This particular recurrence showed up as part of a Putnam problem last year. We are asked to solve $a_k = a_{k-1}^2 -2$ with $a_0 = 5/2$.
I know the solution is $a_k = 2^{2^k} + 2^{-2^k}$. However, all they say is "using the identity $(x+x^{-1})^2 - 2 = x^2 + x^{-2}$, we find by induction $a_k = 2^{2^k} + 2^{-2^k}$".
I'm unsure of how that yields a solution so quickly. I understand that the similarity between the identity and the recurrence may prompt one to guess that $a_k$ is of the above form, but I am not sure of how to solve that completely.

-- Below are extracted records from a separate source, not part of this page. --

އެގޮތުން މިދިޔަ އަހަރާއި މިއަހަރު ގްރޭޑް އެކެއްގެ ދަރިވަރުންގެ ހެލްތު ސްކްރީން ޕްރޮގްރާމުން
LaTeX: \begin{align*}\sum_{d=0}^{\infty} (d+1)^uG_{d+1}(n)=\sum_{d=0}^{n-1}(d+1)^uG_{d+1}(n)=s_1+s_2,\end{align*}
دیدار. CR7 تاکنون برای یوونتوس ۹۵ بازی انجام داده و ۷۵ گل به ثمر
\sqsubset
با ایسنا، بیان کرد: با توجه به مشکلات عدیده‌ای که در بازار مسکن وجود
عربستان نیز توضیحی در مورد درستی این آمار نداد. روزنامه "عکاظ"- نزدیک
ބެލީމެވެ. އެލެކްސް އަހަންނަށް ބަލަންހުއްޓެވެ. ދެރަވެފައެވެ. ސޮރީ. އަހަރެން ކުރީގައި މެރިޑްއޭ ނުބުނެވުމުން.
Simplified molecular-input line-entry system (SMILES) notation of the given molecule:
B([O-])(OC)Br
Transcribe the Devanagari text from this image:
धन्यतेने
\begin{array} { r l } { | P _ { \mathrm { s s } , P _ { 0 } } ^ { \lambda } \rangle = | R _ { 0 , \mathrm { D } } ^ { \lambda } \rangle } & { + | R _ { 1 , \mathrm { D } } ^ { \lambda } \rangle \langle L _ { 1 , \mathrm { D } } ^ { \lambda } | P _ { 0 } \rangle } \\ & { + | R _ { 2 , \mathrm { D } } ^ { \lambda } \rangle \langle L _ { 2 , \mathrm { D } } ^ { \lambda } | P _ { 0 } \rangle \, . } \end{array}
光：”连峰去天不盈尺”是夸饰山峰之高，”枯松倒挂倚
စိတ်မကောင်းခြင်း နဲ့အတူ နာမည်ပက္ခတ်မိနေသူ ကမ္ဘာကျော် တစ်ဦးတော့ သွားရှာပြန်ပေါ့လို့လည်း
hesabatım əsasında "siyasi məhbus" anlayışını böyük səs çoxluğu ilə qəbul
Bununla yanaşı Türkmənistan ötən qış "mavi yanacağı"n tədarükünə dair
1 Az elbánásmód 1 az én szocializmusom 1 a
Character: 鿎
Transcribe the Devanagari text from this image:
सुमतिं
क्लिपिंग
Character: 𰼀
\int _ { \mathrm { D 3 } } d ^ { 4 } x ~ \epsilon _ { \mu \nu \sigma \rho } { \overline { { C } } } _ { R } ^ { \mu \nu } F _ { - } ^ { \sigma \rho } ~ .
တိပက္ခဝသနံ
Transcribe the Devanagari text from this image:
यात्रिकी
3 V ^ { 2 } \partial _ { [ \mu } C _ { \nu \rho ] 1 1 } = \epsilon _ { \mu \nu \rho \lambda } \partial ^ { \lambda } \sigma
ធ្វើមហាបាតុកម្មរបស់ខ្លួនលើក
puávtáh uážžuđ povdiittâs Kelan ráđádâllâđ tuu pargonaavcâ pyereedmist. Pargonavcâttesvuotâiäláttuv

Additionally, this method seems a little bit ad hoc. Would it be a relatively simple task to use more straightforward methods if one did not notice this pattern? For example, what if the recurrence were $a_k = a_{k-1}^2 -3$ instead?
Finally, are there any good books on solving recurrences like this? The wikipedia page on recurrence relations actually has a lot of useful information for solving many different recurrences, but I could not find a method for this particular recurrence.
Thanks!
The trick is to recognize the duplication formula for the cosine function. In general, we have $$ \cos(2\theta) = 2\cos^2(\theta)-1,\qquad \cosh(2x)=2\cosh^2(x)-1 \tag{1}$$ so by assuming $a_n = 2\cosh(x_n)$ we get $\color{blue}{a_{n+1}=2\cosh(2x_n)}$.
Since $x_0=\text{arccosh}\tfrac{5}{4}$ and $\exp\text{arccosh}\tfrac{5}{4}=\color{blue}{2}$, $$ a_n = 2\cosh\left(2^n\text{arccosh}\tfrac{5}{4}\right)=\color{blue}{2^{2^n}+2^{-2^n}}\tag{2}$$ as wanted. This is essentially the only case of the logistic map leading to a simple closed form.